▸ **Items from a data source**
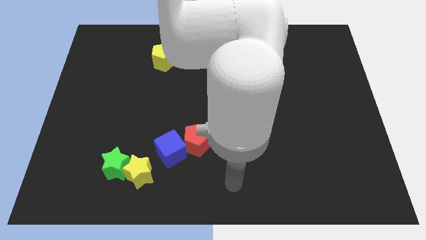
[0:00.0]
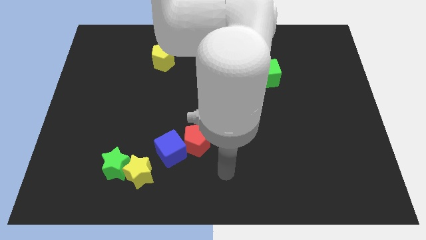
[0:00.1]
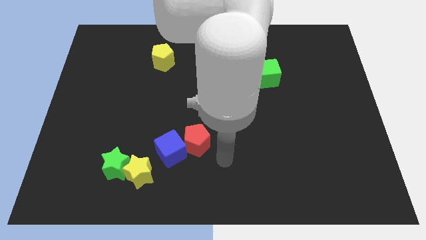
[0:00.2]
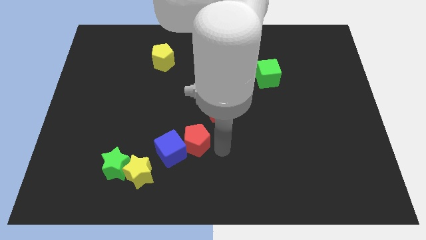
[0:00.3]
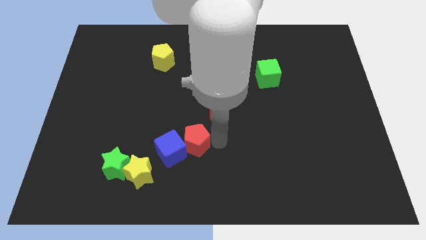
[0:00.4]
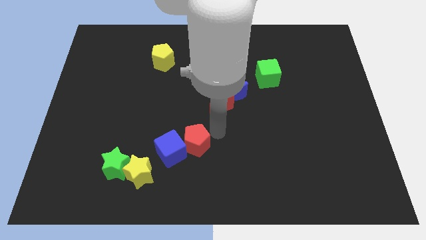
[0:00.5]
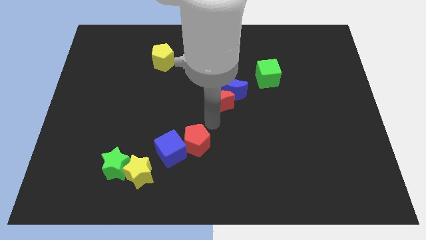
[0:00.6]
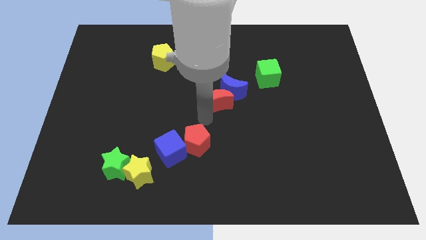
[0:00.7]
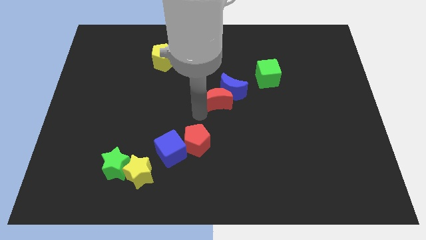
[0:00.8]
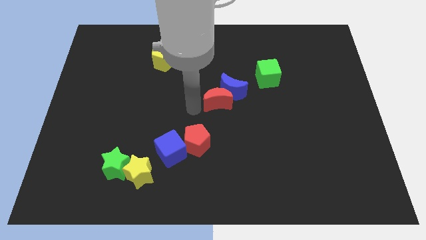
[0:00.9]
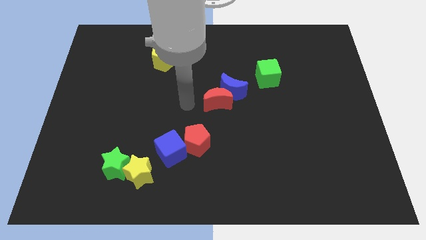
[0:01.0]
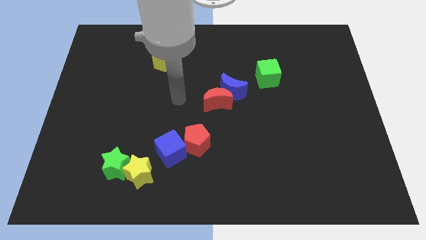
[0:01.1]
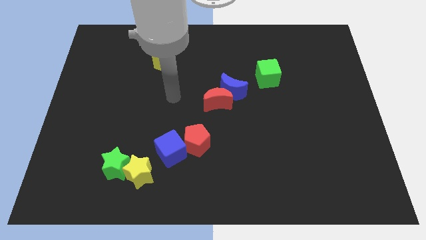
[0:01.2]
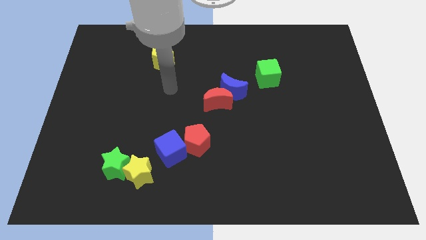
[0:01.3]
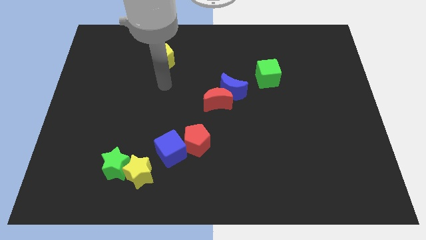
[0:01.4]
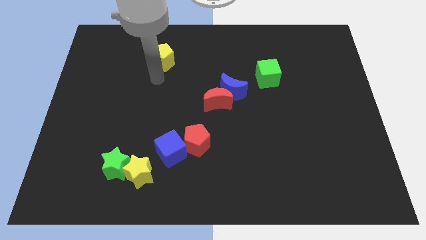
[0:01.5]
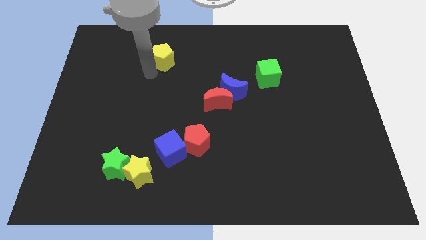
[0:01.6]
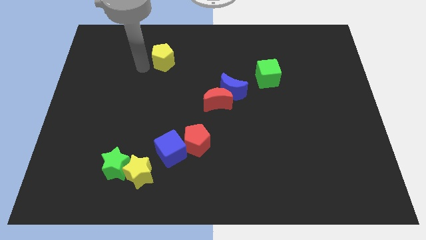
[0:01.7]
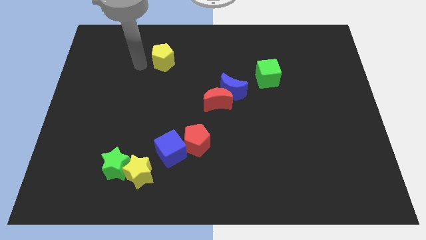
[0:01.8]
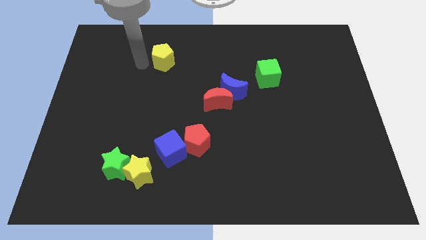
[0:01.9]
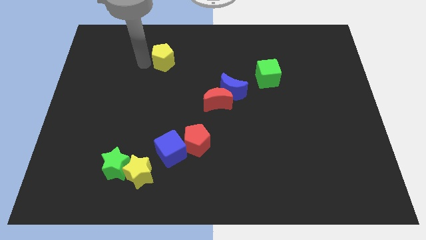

▸ **Exercise**
Give back every entry verbatim. No pictures belong in the copy.

▸ **Answer box**
[0:00.0]
[0:00.1]
[0:00.2]
[0:00.3]
[0:00.4]
[0:00.5]
[0:00.6]
[0:00.7]
[0:00.8]
[0:00.9]
[0:01.0]
[0:01.1]
[0:01.2]
[0:01.3]
[0:01.4]
[0:01.5]
[0:01.6]
[0:01.7]
[0:01.8]
[0:01.9]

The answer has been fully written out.